We performed gene expression profile analysis of formalin-fixed needle biopsies from the livers of 216 patients with hepatitis C-related early-stage (Child-Pugh class A) cirrhosis who were prospectively followed for a median of 10 years at an Italian center. We evaluated whether the 186-gene signature was associated with death, progression of cirrhosis, and development of HCC.
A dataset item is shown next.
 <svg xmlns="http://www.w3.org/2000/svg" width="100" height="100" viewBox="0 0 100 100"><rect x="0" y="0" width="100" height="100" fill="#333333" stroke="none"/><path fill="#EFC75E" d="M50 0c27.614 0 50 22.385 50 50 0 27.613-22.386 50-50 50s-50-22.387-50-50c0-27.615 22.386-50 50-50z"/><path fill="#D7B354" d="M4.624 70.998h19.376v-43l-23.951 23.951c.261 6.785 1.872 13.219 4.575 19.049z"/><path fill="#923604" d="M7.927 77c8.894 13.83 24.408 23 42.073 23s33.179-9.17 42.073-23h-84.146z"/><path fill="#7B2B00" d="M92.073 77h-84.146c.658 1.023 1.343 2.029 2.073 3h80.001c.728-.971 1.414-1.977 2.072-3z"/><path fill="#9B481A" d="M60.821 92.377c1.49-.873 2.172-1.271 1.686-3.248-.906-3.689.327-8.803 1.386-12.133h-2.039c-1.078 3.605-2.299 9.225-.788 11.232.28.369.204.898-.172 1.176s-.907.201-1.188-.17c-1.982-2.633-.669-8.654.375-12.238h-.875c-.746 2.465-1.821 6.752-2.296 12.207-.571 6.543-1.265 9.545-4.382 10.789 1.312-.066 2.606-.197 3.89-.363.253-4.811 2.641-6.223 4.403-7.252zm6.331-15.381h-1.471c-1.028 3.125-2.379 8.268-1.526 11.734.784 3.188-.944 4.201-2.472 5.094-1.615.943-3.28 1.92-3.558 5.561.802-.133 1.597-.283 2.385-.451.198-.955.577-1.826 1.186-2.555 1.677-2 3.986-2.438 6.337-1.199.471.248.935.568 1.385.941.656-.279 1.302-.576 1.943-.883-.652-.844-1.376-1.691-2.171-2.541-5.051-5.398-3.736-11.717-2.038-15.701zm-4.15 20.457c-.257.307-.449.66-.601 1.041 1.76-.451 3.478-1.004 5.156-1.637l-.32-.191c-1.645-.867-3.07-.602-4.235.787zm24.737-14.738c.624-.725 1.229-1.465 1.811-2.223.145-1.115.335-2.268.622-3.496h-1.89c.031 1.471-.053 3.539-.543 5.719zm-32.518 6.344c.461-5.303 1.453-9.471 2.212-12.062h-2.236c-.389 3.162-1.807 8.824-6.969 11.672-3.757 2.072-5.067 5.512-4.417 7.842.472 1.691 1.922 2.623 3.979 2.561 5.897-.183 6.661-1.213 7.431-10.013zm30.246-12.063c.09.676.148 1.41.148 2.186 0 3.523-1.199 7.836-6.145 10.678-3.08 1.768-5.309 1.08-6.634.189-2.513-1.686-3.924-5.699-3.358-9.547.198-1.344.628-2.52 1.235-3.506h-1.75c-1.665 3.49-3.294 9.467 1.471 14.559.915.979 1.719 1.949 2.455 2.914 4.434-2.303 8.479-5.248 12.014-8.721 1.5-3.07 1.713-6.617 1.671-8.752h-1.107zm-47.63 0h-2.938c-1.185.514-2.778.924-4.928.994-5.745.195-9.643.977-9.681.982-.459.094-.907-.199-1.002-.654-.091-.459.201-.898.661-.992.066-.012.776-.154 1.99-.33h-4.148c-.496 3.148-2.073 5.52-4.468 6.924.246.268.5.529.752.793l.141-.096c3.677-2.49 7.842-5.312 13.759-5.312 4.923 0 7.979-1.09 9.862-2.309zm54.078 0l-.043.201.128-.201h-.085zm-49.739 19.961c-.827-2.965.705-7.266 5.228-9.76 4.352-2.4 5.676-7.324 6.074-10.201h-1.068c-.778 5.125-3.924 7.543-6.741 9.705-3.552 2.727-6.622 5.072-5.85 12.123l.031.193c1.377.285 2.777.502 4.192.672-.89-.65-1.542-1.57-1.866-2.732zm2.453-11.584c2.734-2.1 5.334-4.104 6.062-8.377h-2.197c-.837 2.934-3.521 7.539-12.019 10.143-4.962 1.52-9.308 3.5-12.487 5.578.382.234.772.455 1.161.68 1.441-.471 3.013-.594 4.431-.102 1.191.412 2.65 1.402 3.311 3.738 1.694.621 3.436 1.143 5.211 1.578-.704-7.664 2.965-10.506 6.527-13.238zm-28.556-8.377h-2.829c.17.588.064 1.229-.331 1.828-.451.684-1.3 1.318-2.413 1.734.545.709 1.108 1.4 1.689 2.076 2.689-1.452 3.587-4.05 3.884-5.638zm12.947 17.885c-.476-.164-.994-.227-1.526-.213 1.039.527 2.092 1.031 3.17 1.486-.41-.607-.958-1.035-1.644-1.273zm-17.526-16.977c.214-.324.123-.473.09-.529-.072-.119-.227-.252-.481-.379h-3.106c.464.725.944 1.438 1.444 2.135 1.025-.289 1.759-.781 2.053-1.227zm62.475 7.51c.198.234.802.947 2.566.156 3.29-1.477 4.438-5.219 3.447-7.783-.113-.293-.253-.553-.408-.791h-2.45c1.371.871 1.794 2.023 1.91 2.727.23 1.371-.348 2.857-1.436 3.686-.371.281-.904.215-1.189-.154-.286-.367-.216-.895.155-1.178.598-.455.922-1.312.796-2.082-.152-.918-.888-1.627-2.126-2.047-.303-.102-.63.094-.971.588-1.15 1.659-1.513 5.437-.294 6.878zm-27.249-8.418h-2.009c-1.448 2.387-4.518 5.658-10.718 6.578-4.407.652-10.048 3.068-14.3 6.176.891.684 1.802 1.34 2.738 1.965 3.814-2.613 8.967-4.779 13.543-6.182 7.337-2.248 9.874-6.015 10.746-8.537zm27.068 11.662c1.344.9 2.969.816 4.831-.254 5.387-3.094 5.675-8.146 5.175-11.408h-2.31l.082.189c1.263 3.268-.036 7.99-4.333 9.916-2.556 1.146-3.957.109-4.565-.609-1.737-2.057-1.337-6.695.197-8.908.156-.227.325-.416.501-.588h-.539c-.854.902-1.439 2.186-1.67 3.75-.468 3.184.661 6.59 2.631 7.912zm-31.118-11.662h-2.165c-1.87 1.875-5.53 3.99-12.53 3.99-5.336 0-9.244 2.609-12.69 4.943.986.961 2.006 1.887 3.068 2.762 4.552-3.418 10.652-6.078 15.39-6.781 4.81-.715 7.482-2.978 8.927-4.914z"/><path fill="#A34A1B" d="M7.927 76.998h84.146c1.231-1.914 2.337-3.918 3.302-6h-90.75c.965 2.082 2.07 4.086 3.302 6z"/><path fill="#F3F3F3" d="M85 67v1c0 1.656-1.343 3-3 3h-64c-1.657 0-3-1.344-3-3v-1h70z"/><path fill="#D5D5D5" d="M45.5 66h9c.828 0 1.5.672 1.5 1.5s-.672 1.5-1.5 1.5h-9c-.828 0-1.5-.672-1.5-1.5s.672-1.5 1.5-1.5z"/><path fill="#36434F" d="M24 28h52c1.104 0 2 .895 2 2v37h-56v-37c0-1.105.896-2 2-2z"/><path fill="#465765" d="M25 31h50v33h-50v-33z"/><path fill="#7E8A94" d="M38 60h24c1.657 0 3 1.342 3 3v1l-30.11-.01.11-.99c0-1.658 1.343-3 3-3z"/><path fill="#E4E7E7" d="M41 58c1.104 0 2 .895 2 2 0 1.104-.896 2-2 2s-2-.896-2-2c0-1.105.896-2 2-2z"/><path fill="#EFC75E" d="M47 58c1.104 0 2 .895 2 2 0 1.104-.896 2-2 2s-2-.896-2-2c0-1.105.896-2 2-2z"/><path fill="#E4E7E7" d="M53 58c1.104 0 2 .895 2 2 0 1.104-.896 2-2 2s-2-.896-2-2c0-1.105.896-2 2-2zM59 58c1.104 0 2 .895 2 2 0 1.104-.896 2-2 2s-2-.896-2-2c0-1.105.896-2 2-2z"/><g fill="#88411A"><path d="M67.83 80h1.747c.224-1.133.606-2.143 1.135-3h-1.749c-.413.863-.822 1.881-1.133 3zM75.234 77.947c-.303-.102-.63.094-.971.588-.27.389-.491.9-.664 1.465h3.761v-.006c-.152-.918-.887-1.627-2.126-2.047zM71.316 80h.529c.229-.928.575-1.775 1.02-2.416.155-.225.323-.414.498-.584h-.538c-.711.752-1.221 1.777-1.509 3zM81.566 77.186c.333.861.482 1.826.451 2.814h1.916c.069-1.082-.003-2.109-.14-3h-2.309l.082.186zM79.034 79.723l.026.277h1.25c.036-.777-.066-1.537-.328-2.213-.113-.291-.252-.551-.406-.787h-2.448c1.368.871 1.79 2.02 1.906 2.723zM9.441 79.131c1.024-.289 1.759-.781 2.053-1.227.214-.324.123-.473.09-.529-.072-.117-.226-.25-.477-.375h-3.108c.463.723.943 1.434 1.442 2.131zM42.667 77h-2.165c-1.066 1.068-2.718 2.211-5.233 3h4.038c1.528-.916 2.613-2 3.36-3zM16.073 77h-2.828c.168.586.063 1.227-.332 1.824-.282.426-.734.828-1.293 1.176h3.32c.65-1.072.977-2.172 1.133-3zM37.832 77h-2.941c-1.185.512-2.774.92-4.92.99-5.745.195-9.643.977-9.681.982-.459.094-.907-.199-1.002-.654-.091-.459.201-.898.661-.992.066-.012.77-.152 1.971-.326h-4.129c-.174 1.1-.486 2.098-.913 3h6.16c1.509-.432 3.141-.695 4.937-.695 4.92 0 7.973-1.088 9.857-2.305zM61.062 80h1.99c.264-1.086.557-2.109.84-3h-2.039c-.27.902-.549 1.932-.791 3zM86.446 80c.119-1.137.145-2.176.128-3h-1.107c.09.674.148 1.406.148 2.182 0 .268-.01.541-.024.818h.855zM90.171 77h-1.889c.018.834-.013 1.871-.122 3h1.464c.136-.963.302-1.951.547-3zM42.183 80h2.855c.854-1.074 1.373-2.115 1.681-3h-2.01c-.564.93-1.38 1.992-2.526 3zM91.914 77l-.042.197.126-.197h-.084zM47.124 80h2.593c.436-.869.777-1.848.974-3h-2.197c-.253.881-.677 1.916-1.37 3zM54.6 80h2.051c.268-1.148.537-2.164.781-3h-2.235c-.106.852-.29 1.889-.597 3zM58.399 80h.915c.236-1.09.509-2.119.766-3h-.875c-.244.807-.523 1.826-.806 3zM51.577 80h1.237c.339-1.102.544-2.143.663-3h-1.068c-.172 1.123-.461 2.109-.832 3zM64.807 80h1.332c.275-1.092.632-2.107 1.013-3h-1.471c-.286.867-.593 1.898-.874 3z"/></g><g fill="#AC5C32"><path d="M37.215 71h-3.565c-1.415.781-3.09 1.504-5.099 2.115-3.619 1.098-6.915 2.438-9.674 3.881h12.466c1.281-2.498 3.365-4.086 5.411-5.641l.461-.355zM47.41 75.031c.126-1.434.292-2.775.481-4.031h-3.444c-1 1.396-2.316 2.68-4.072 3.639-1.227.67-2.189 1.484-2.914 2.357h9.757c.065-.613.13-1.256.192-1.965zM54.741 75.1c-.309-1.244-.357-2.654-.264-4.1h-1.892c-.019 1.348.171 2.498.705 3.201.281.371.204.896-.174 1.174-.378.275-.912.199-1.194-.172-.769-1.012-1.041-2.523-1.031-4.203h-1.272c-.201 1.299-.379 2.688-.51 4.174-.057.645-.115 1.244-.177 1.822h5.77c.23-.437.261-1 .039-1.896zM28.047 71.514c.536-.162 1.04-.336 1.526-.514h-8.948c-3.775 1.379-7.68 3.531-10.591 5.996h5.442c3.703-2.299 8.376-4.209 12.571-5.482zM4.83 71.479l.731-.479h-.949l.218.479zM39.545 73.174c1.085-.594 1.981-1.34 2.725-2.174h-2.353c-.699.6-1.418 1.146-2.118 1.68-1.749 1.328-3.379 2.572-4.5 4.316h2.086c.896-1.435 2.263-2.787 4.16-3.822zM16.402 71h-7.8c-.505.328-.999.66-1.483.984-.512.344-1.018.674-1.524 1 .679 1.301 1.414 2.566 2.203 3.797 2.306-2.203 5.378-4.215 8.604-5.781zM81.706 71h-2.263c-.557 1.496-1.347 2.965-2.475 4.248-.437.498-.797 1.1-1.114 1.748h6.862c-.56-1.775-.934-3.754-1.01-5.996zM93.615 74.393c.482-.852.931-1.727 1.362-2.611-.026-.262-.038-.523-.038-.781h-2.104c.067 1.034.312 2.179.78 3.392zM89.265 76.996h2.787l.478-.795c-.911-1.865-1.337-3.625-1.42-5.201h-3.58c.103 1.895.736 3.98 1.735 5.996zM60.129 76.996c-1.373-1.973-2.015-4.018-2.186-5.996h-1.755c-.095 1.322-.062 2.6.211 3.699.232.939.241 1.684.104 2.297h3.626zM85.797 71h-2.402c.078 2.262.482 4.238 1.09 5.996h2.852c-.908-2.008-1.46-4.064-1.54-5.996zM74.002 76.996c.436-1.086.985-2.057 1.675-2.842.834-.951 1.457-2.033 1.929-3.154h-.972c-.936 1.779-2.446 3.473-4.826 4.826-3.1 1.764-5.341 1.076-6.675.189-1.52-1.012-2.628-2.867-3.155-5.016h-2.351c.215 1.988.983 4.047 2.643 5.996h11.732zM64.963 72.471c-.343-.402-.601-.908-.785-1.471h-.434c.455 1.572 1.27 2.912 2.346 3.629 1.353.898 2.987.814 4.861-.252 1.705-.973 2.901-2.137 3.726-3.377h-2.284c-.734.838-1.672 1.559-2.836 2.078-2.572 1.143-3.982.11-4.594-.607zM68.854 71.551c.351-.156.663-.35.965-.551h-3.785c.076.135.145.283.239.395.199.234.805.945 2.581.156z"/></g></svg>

Fifty-five (25%), 101 (47%), and 60 (28%) patients were classified as having poor-, intermediate-, and good-prognosis signatures, respectively. In multivariable Cox regression modeling, the poor-prognosis signature was significantly associated with death (P=.004), progression to advanced cirrhosis (P<.001), and development of HCC (P=.009). The 10-year rates of survival were 63%, 74%, and 85% and the annual incidences of HCC were 5.8%, 2.2%, and 1.5% for patients with poor-, intermediate-, and good-prognosis signatures, respectively.
A 186-gene signature used to predict outcomes of patients with HCC is also associated with outcomes of patients with hepatitis C-related early-stage cirrhosis. This signature might be used to identify patients with cirrhosis in most need of surveillance and strategies to prevent their development of HCC.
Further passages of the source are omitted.